PROBLEM TO SOLVE – Please make an exact copy of the listing, without the pictures.
<<<<
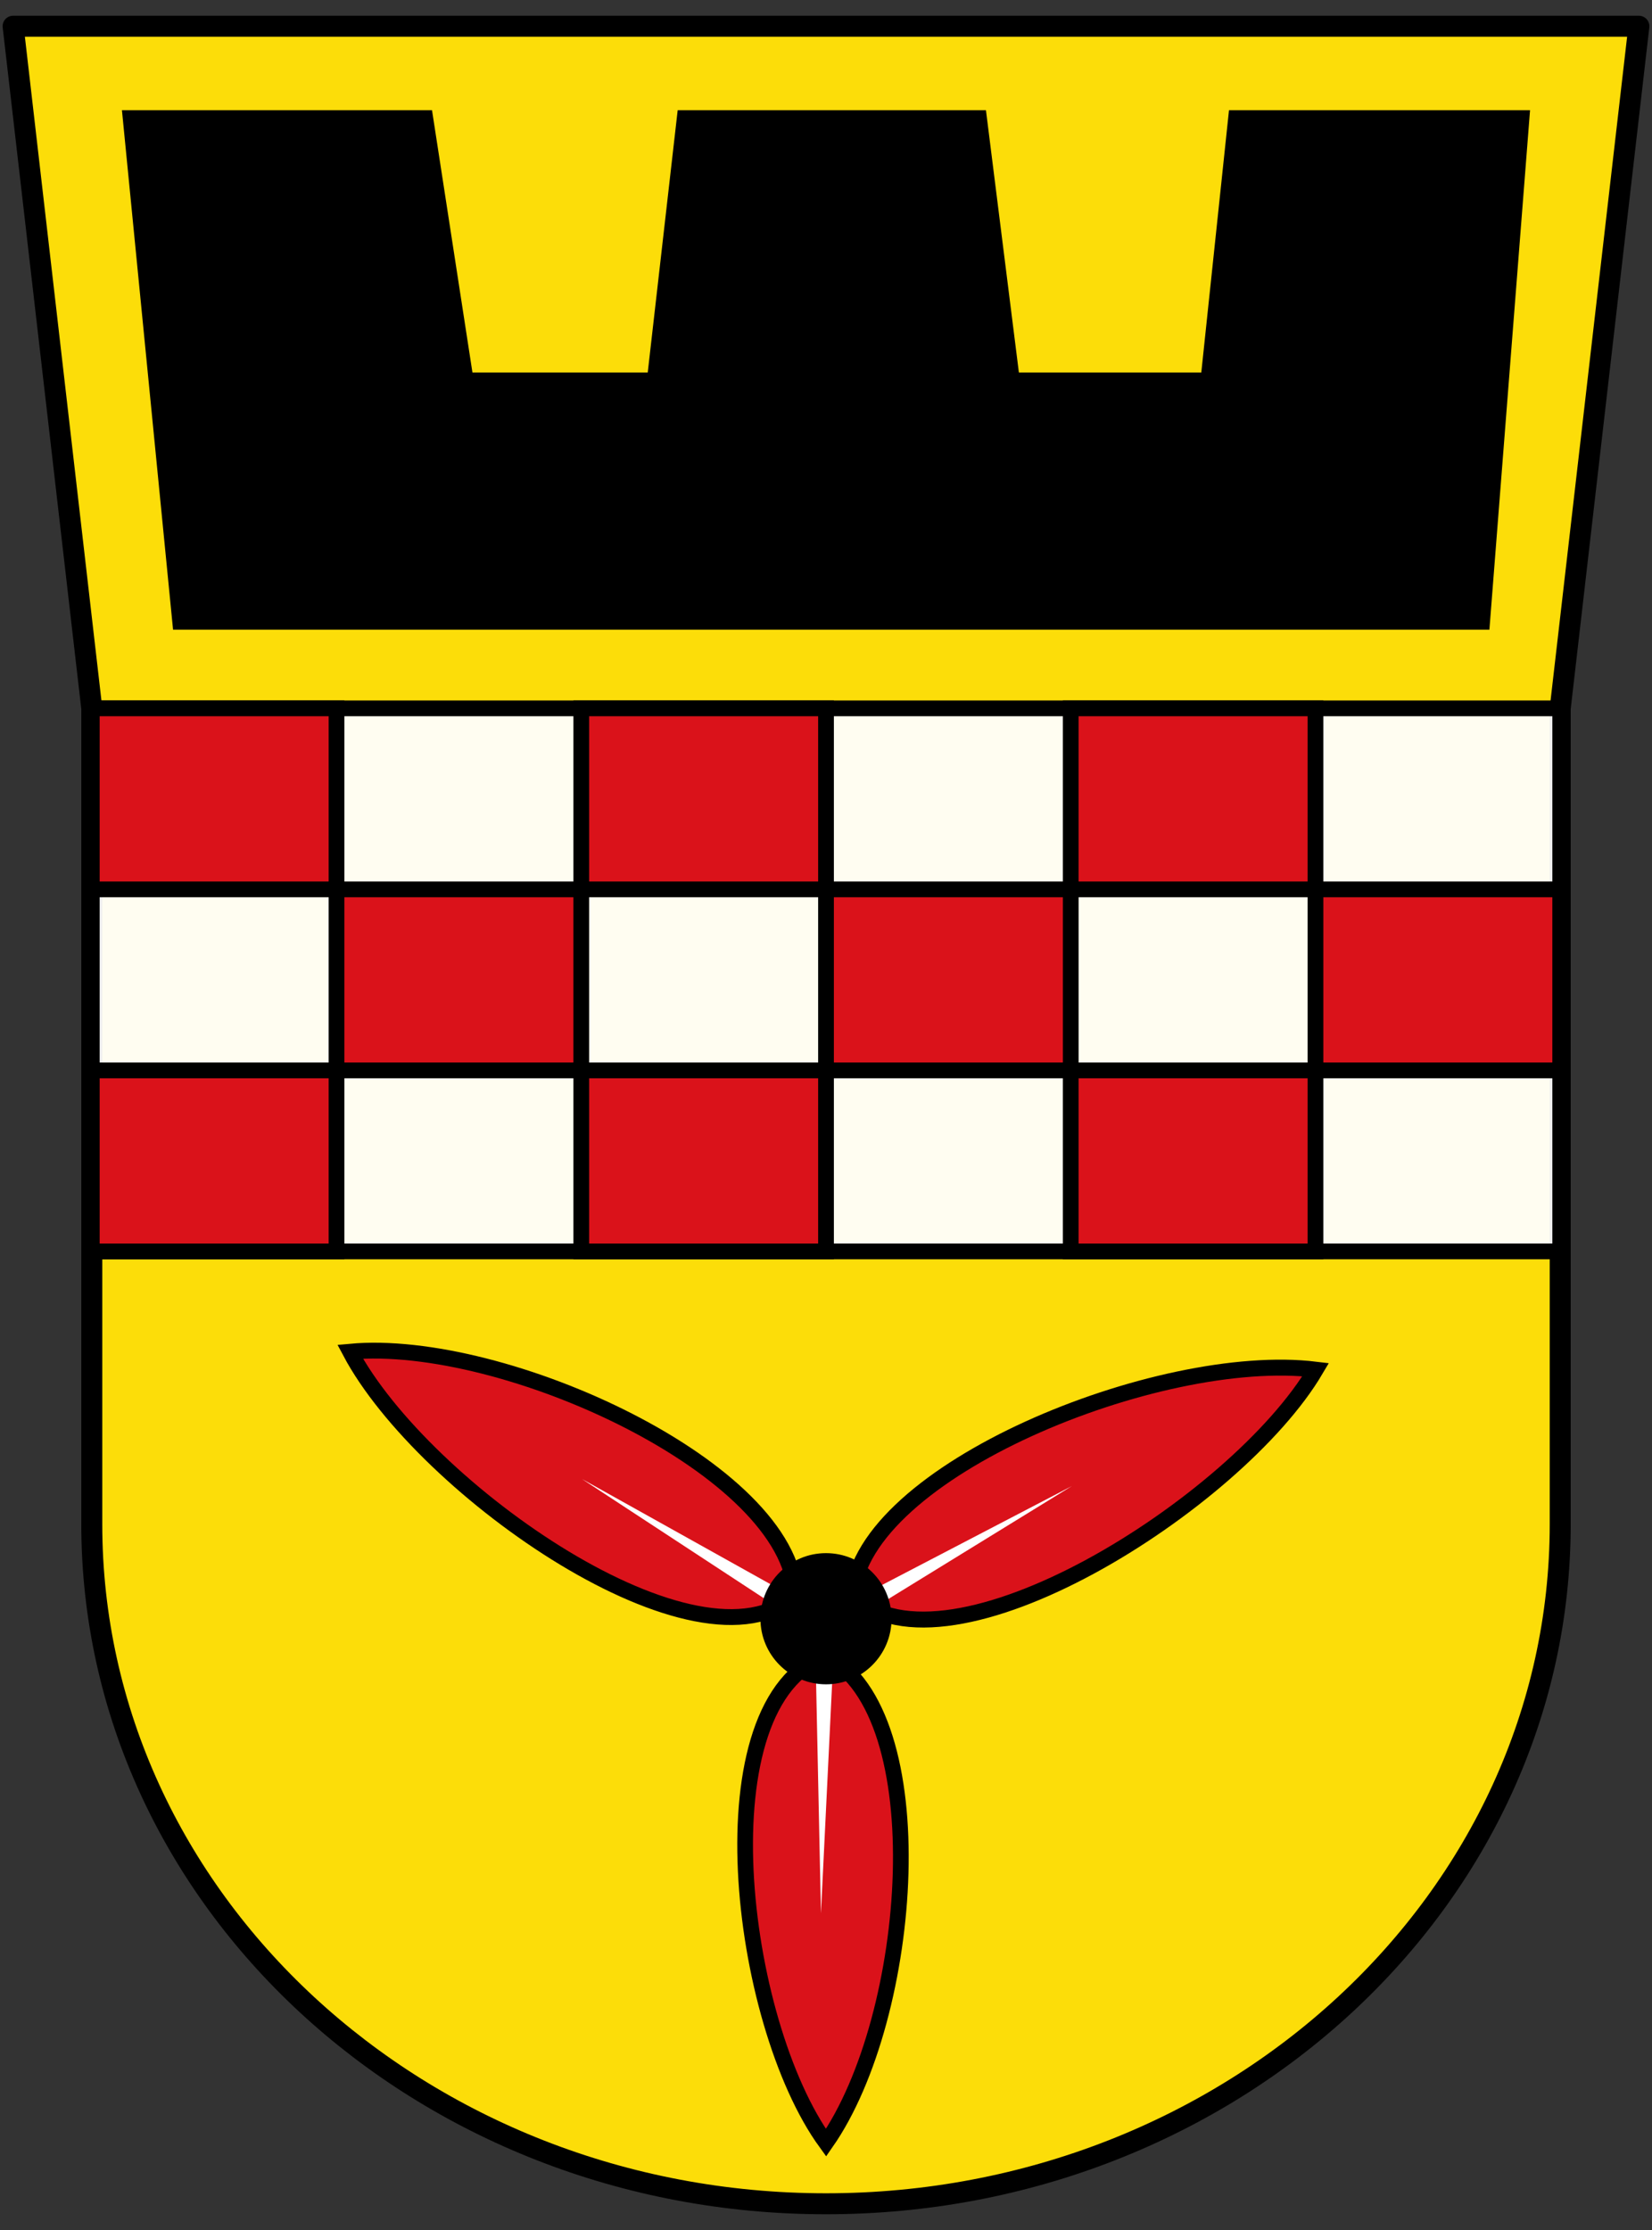 <?xml version="1.0" encoding="UTF-8"?>
<svg version="1.0" viewBox="0 0 630 850" xmlns="http://www.w3.org/2000/svg" xmlns:cc="http://creativecommons.org/ns#" xmlns:dc="http://purl.org/dc/elements/1.1/" xmlns:rdf="http://www.w3.org/1999/02/22-rdf-syntax-ns#" xmlns:xlink="http://www.w3.org/1999/xlink">
<rect x="0" y="0" width="630" height="850" fill="#333333" stroke="none"/>
<path d="m5 10 30 260v310.91c0 143.02 125.44 259.09 280 259.09 154.56 0 280-116.08 280-259.09v-310.91l30-260z" fill="#fcdd09" stroke="#000" stroke-linecap="round" stroke-linejoin="round" stroke-width="8"/>
<rect x="35" y="270" width="560" height="207" fill="#fff" fill-opacity=".941" stroke="#000" stroke-linecap="round" stroke-width="6"/>
<rect id="a" x="35" y="270" width="93.333" height="69" fill="#da121a" stroke="#000" stroke-linecap="square" stroke-width="6"/>
<use id="f" transform="translate(186.67)" width="620" height="840" fill="#da121a" xlink:href="#a"/>
<use id="e" transform="translate(373.33)" width="620" height="840" fill="#da121a" xlink:href="#a"/>
<use id="d" transform="translate(93.333 69)" width="620" height="840" xlink:href="#a"/>
<use id="c" transform="translate(93.333 69)" width="620" height="840" xlink:href="#f"/>
<use id="b" transform="translate(93.333 69)" width="620" height="840" xlink:href="#e"/>
<use transform="translate(-93.333 69)" width="620" height="840" xlink:href="#d"/>
<use transform="translate(-93.333 69)" width="620" height="840" xlink:href="#c"/>
<use transform="translate(-93.333 69)" width="620" height="840" xlink:href="#b"/>
<path d="m315.01 816.74c-33.611-46.267-48.035-168.32 0-185.59 42.178 21.887 33.673 137.36 0 185.59z" fill="#da121a" stroke="#000" stroke-linecap="square" stroke-width="5.987"/>
<path d="m501.75 522.06c-30.128 51.084-140.31 120.41-176.6 86.084 3.385-47.326 116.79-93.392 176.6-86.084z" fill="#da121a" stroke="#000" stroke-linecap="square" stroke-width="6.077"/>
<path d="m133.53 515.22c27.883 52.603 133.39 126.24 169.86 92.715-1.882-47.94-111.23-98.166-169.86-92.715z" fill="#da121a" stroke="#000" stroke-linecap="square" stroke-width="6.04"/>
<path transform="matrix(.721 -.286 .282 .732 -150.02 345.91)" d="m426.48 543.76-79.934-110.77 87.556 104.85 135.9-13.84-134.58 23.4-55.964 124.61z" fill="#fff"/>
<ellipse cx="315" cy="617" rx="25" ry="25"/>
<path d="m46.5 42h118.25l15.422 100h66.844l11.422-100h117.56l12.562 100h69.562l10.562-100h114.81l-15.5 198h-502z"/>
</svg>
>>>>
ANSWER SPACE –
 <?xml version="1.0" encoding="UTF-8"?>
<svg version="1.0" viewBox="0 0 630 850" xmlns="http://www.w3.org/2000/svg" xmlns:cc="http://creativecommons.org/ns#" xmlns:dc="http://purl.org/dc/elements/1.1/" xmlns:rdf="http://www.w3.org/1999/02/22-rdf-syntax-ns#" xmlns:xlink="http://www.w3.org/1999/xlink">
<rect x="0" y="0" width="630" height="850" fill="#333333" stroke="none"/>
<path d="m5 10 30 260v310.91c0 143.02 125.44 259.09 280 259.09 154.56 0 280-116.08 280-259.09v-310.91l30-260z" fill="#fcdd09" stroke="#000" stroke-linecap="round" stroke-linejoin="round" stroke-width="8"/>
<rect x="35" y="270" width="560" height="207" fill="#fff" fill-opacity=".941" stroke="#000" stroke-linecap="round" stroke-width="6"/>
<rect id="a" x="35" y="270" width="93.333" height="69" fill="#da121a" stroke="#000" stroke-linecap="square" stroke-width="6"/>
<use id="f" transform="translate(186.67)" width="620" height="840" fill="#da121a" xlink:href="#a"/>
<use id="e" transform="translate(373.33)" width="620" height="840" fill="#da121a" xlink:href="#a"/>
<use id="d" transform="translate(93.333 69)" width="620" height="840" xlink:href="#a"/>
<use id="c" transform="translate(93.333 69)" width="620" height="840" xlink:href="#f"/>
<use id="b" transform="translate(93.333 69)" width="620" height="840" xlink:href="#e"/>
<use transform="translate(-93.333 69)" width="620" height="840" xlink:href="#d"/>
<use transform="translate(-93.333 69)" width="620" height="840" xlink:href="#c"/>
<use transform="translate(-93.333 69)" width="620" height="840" xlink:href="#b"/>
<path d="m315.01 816.74c-33.611-46.267-48.035-168.32 0-185.59 42.178 21.887 33.673 137.36 0 185.59z" fill="#da121a" stroke="#000" stroke-linecap="square" stroke-width="5.987"/>
<path d="m501.75 522.06c-30.128 51.084-140.31 120.41-176.6 86.084 3.385-47.326 116.79-93.392 176.6-86.084z" fill="#da121a" stroke="#000" stroke-linecap="square" stroke-width="6.077"/>
<path d="m133.53 515.22c27.883 52.603 133.39 126.24 169.86 92.715-1.882-47.94-111.23-98.166-169.86-92.715z" fill="#da121a" stroke="#000" stroke-linecap="square" stroke-width="6.04"/>
<path transform="matrix(.721 -.286 .282 .732 -150.02 345.91)" d="m426.48 543.76-79.934-110.77 87.556 104.85 135.9-13.84-134.58 23.4-55.964 124.61z" fill="#fff"/>
<ellipse cx="315" cy="617" rx="25" ry="25"/>
<path d="m46.5 42h118.25l15.422 100h66.844l11.422-100h117.56l12.562 100h69.562l10.562-100h114.81l-15.5 198h-502z"/>
</svg>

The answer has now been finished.